La Bible d’une grand’mère/180
CLXXX
L’ANGE VA CHEZ GABÉLUS ET REVIENT CHEZ RAGÜEL
Tobie appela un jour l’Ange, qu’il croyait être un homme, et lui dit : « Mon frère Azarias, je vous dois tant de reconnaissance pour tout le bien que vous m’avez fait, que je ne saurais jamais assez vous l’exprimer, et je ne pourrai jamais vous la témoigner par des présents assez riches. Et pourtant j’ai encore une prière à vous adresser ; c’est que vous preniez des serviteurs et des montures nécessaires pour aller chez Gabélus à Ragès ; vous lui rendrez son obligation en échange de l’argent qu’il nous doit, et vous le prierez de venir à mes noces. Vous savez que mon père compte les jours de mon absence, et que si je tarde son âme sera accablée de tristesse. Vous voyez aussi avec quelle instance Ragüel m’a conjuré de rester quinze jours chez lui, et comment j’ai dû céder à ses prières. C’est pourquoi je vous demande d’aller pour moi chez Gabélus. »
L’Ange Raphaël accepta avec sa bonté accoutumée la commission que lui donnait Tobie ; il prit deux chameaux et quatre serviteurs de Ragüel, et il partit pour Ragès, où il trouva Gabélus, qui lui remit les dix talents contre l’obligation.
L’Ange lui raconta tout ce qui était arrivé au jeune Tobie et l’invita aux noces.
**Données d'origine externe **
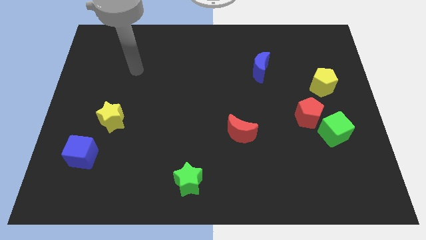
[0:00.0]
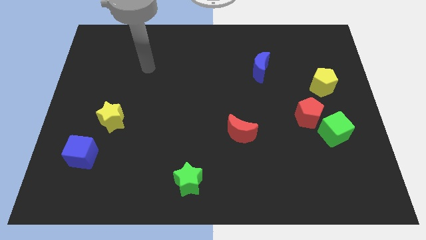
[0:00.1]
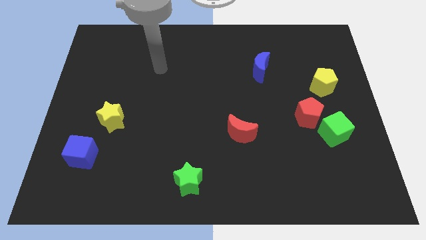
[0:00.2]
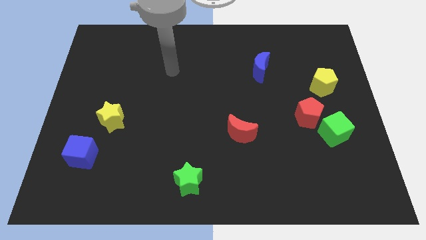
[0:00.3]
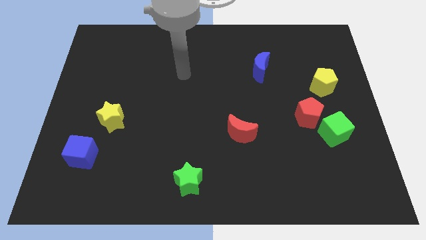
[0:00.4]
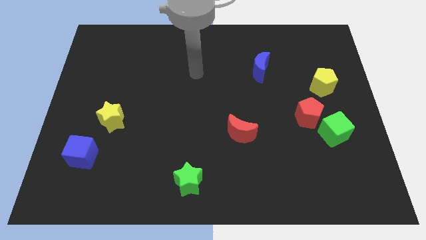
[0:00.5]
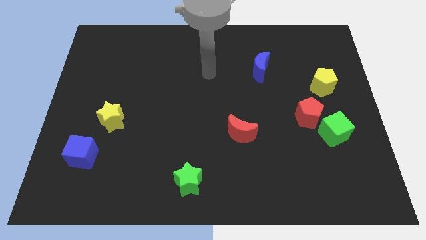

Gabélus partit avec l’Ange et quelques-uns de ses serviteurs, et il arriva chez Ragüel pendant qu’on était à table. Tobie se leva aussitôt ; ils s’entre-saluèrent et s’embrassèrent ; Gabélus pleura…
Henriette, riant. Ha, ha, ha ! Encore un qui pleure, et sans savoir pourquoi, puisqu’il n’avait jamais vu le jeune Tobie.
Grand’mère. Il savait bien pourquoi ; il voyait en Tobie le fils d’un ancien ami très-cher et très-vénéré ; il avait bon cœur, il fut ému et il pleura ; ensuite il bénit Dieu, et dit à Tobie : « Que le bon Dieu te bénisse, mon fils ! parce que tu es l’enfant d’un homme très-vertueux, très-juste, qui craint Dieu et qui fait beaucoup d’aumônes. Que la bénédiction de Dieu s’étende sur la femme, sur ton père et sur ta mère. Puisses-tu voir tes fils jusqu’à la quatrième génération ! » Tous répondirent Amen ; ils se mirent à table, et pendant les festins des noces, chacun se conduisit avec modération et sagesse.
Petit-Louis. Comment pouvait-on se conduire autrement ?
Grand’mère. Ils pouvaient faire ce qu’on fait très-souvent à des repas de noces, boire avec excès, s’enivrer, se quereller, se battre, enfin commettre toutes sortes d’inconvenances, Mais comme les amis de Ragüel étaient des gens sages, ils ne firent rien de tout cela.